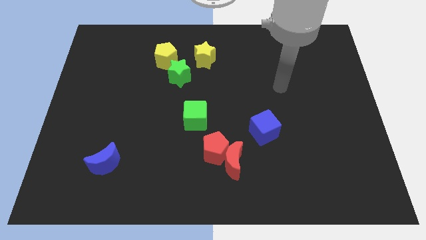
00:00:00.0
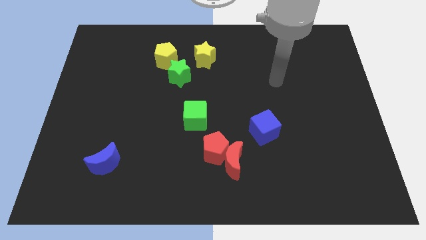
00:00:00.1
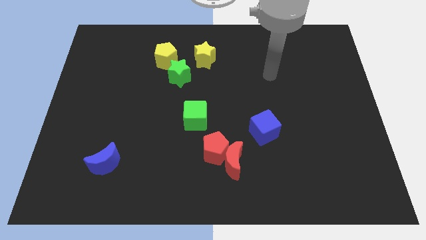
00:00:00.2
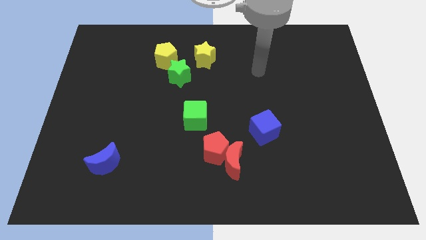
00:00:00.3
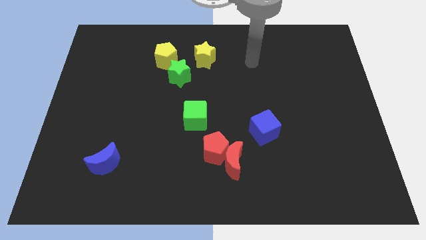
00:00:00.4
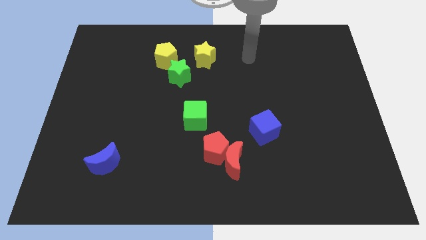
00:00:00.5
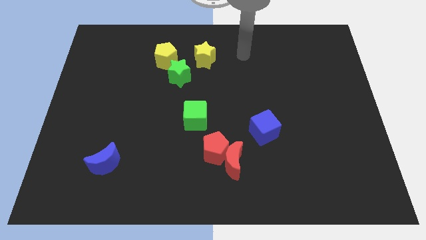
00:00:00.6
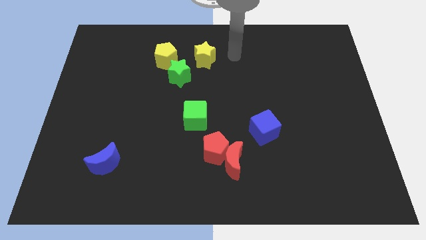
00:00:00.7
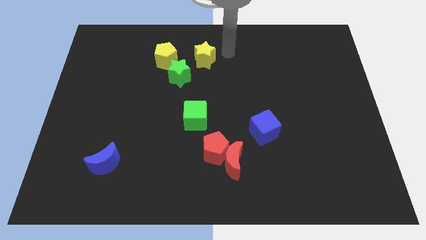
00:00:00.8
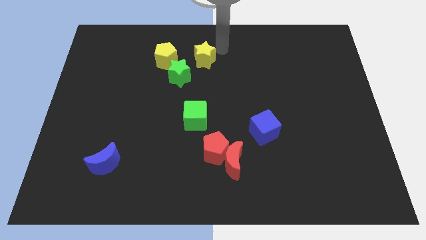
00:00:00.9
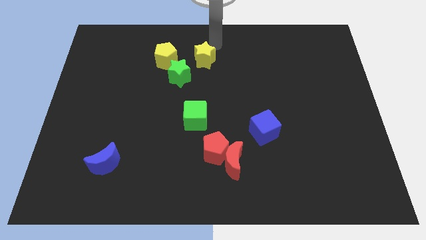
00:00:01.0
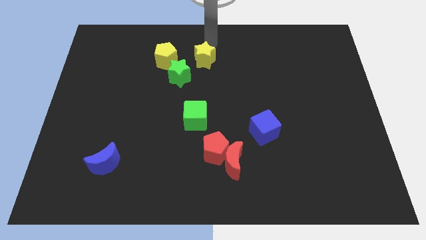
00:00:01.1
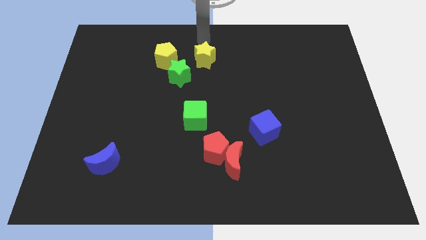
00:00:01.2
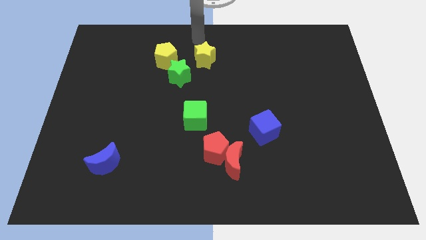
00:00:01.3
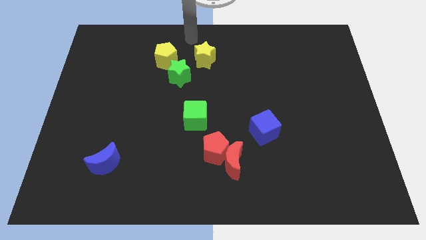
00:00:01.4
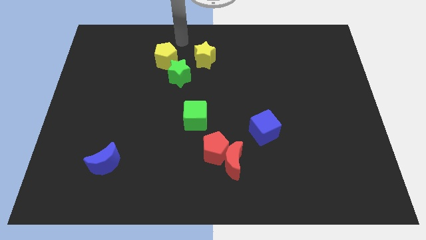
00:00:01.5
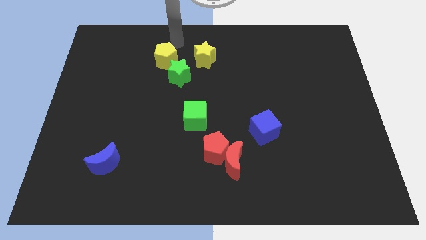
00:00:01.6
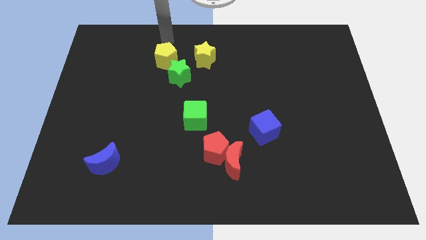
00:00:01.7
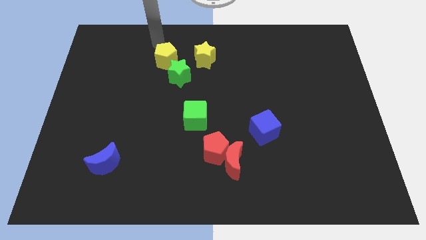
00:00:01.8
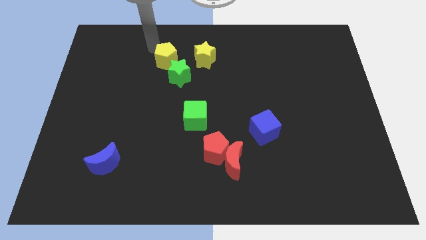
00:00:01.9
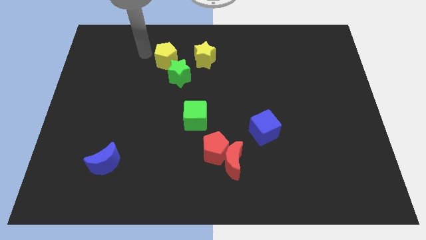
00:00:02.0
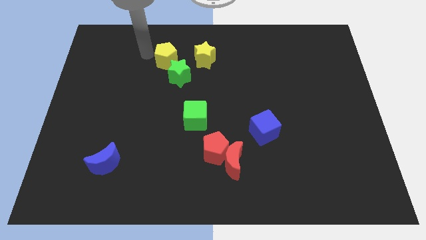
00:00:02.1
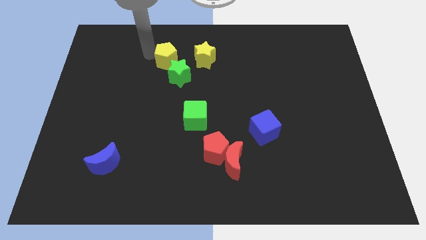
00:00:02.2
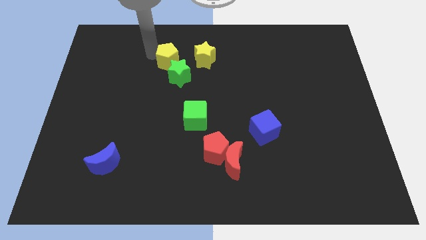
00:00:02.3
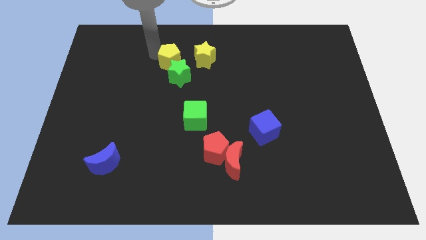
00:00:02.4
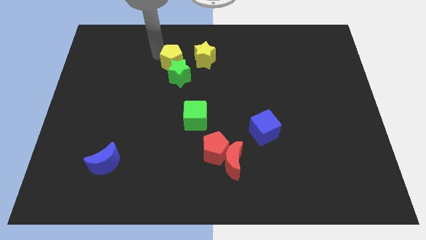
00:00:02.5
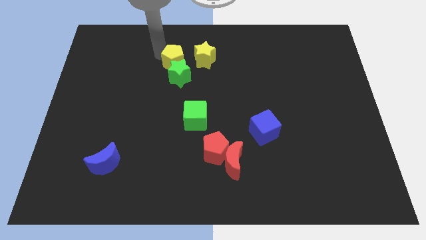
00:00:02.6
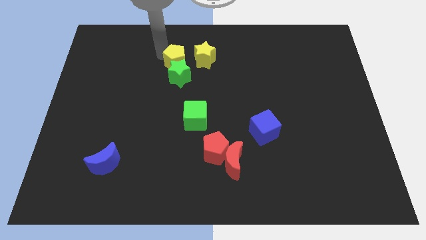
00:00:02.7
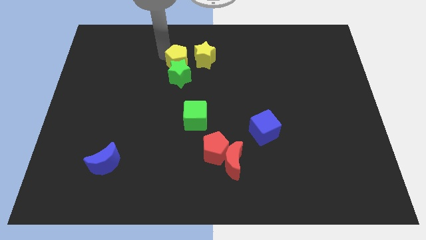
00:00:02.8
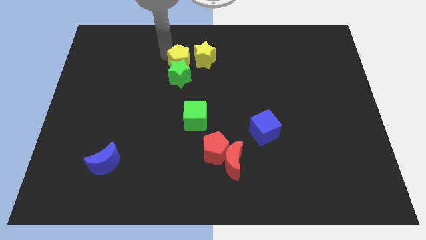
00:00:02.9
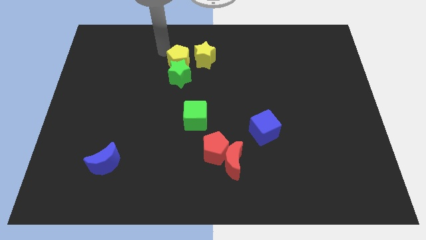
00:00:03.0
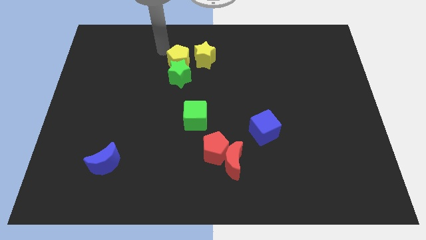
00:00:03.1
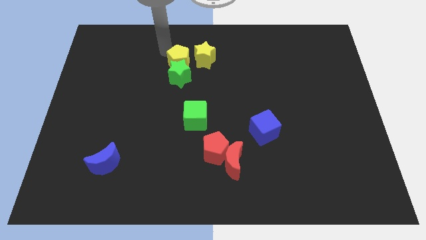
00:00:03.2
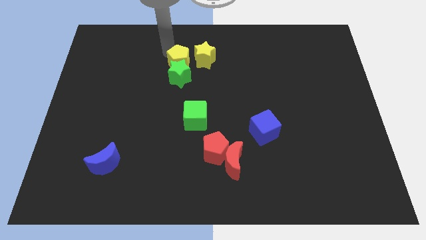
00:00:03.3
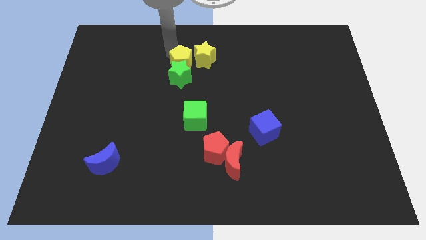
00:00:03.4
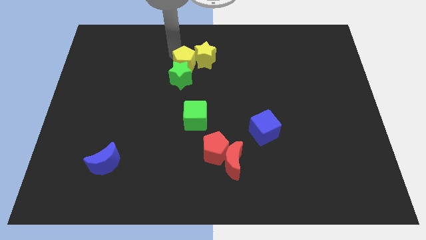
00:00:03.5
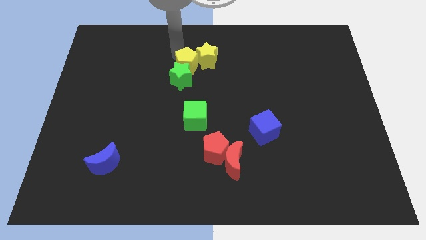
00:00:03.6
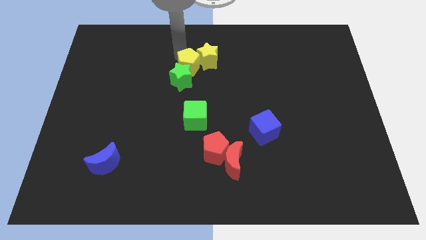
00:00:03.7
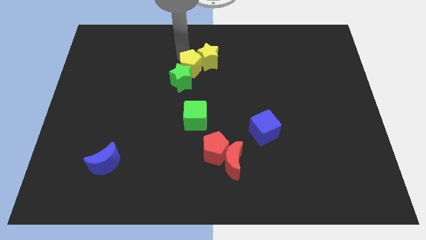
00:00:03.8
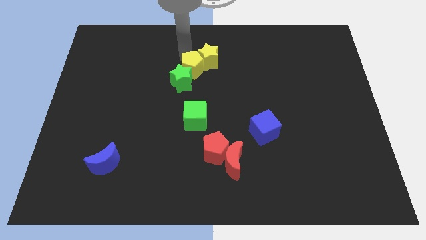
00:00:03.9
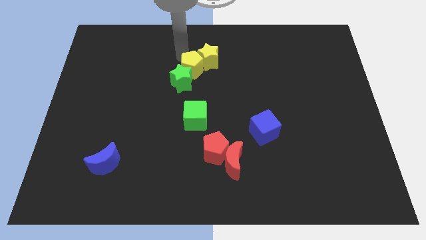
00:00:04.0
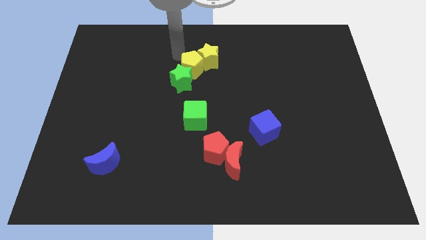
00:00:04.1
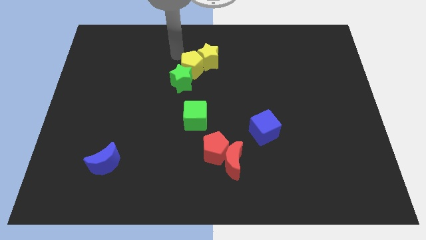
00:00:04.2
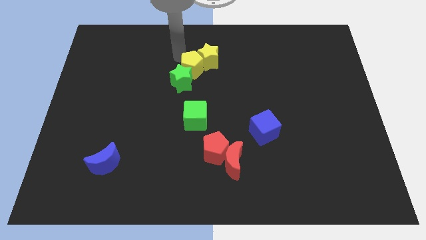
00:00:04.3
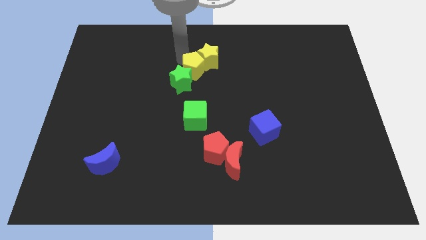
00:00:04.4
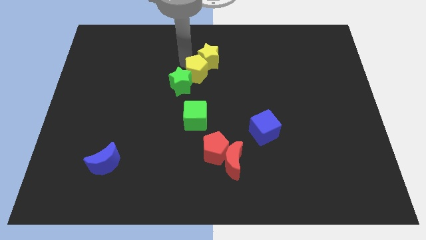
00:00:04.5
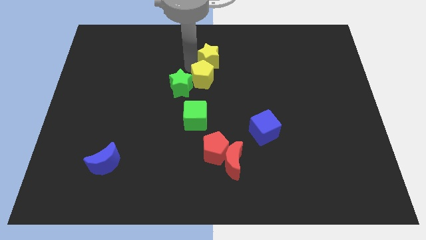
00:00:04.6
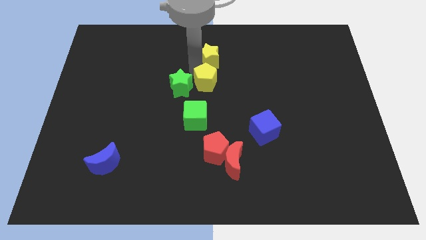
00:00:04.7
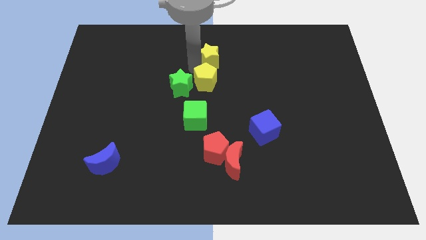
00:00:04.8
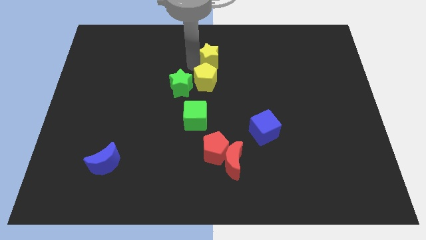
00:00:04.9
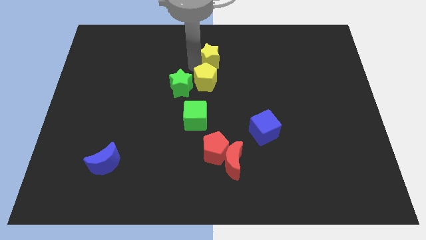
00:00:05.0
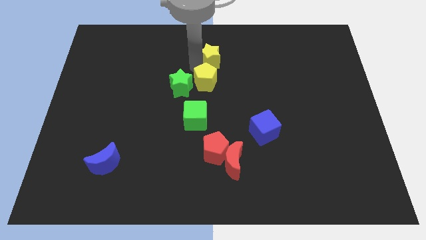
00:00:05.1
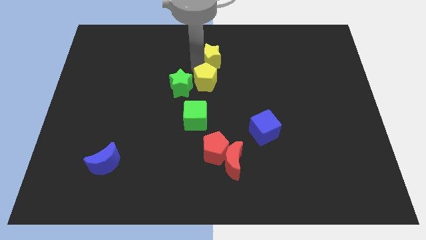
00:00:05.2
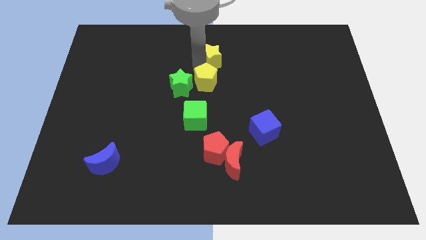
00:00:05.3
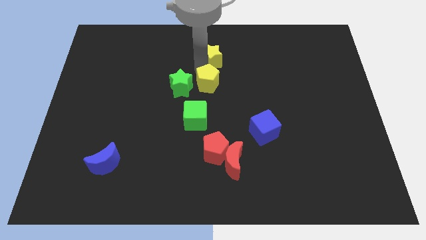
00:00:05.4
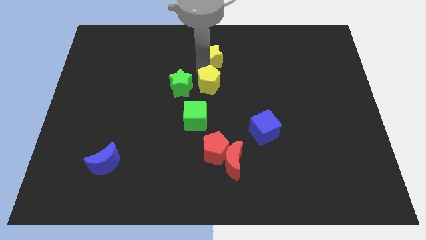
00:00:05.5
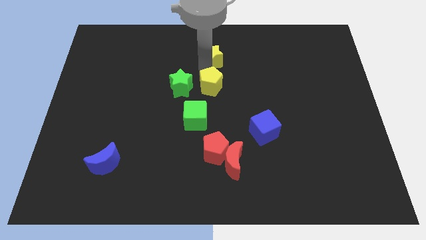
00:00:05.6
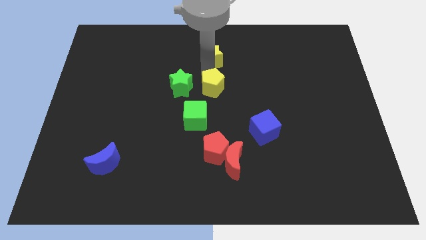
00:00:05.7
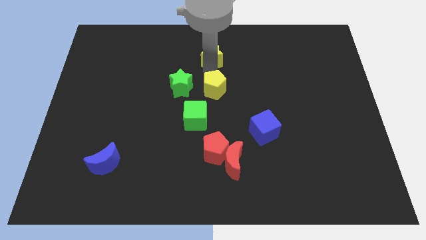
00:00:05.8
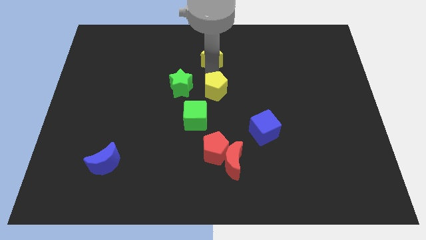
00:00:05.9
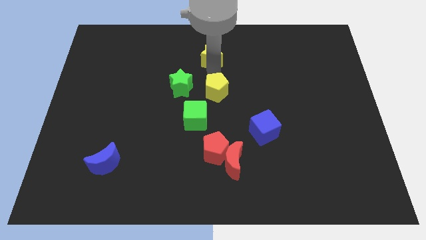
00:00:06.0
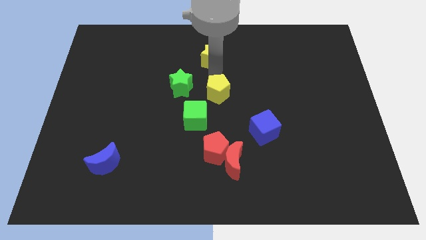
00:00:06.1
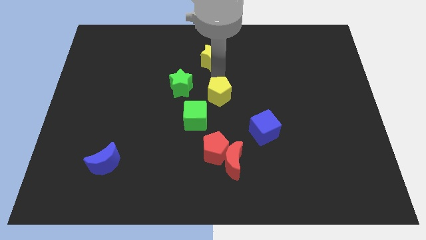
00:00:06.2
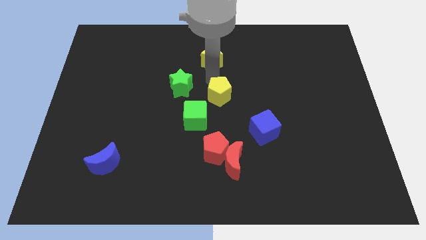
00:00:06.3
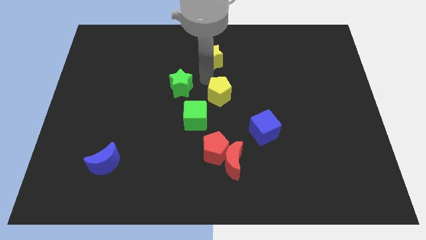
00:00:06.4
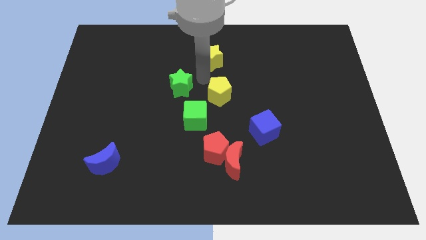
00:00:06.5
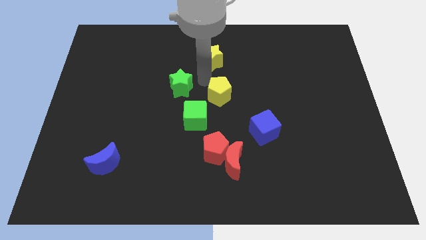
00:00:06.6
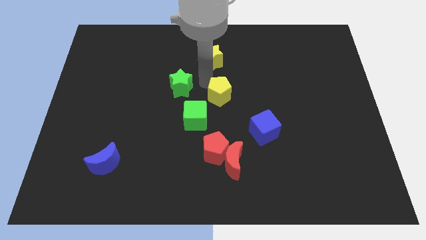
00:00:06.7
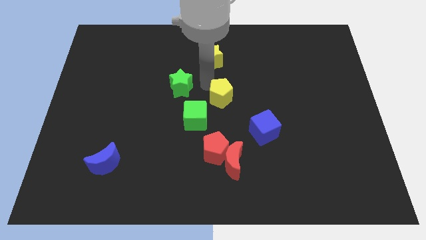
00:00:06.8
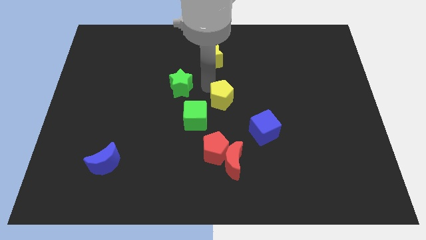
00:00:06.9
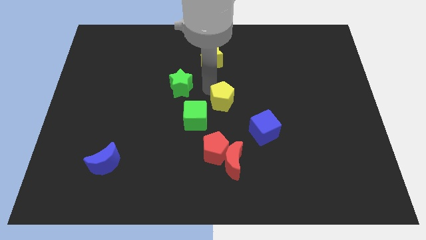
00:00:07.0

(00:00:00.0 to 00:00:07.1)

---+---

Once the pictures are set aside, write out the entries verbatim.

EXPECTED OUTPUT:
00:00:00.0
00:00:00.1
00:00:00.2
00:00:00.3
00:00:00.4
00:00:00.5
00:00:00.6
00:00:00.7
00:00:00.8
00:00:00.9
00:00:01.0
00:00:01.1
00:00:01.2
00:00:01.3
00:00:01.4
00:00:01.5
00:00:01.6
00:00:01.7
00:00:01.8
00:00:01.9
00:00:02.0
00:00:02.1
00:00:02.2
00:00:02.3
00:00:02.4
00:00:02.5
00:00:02.6
00:00:02.7
00:00:02.8
00:00:02.9
00:00:03.0
00:00:03.1
00:00:03.2
00:00:03.3
00:00:03.4
00:00:03.5
00:00:03.6
00:00:03.7
00:00:03.8
00:00:03.9
00:00:04.0
00:00:04.1
00:00:04.2
00:00:04.3
00:00:04.4
00:00:04.5
00:00:04.6
00:00:04.7
00:00:04.8
00:00:04.9
00:00:05.0
00:00:05.1
00:00:05.2
00:00:05.3
00:00:05.4
00:00:05.5
00:00:05.6
00:00:05.7
00:00:05.8
00:00:05.9
00:00:06.0
00:00:06.1
00:00:06.2
00:00:06.3
00:00:06.4
00:00:06.5
00:00:06.6
00:00:06.7
00:00:06.8
00:00:06.9
00:00:07.0

(00:00:00.0 to 00:00:07.1)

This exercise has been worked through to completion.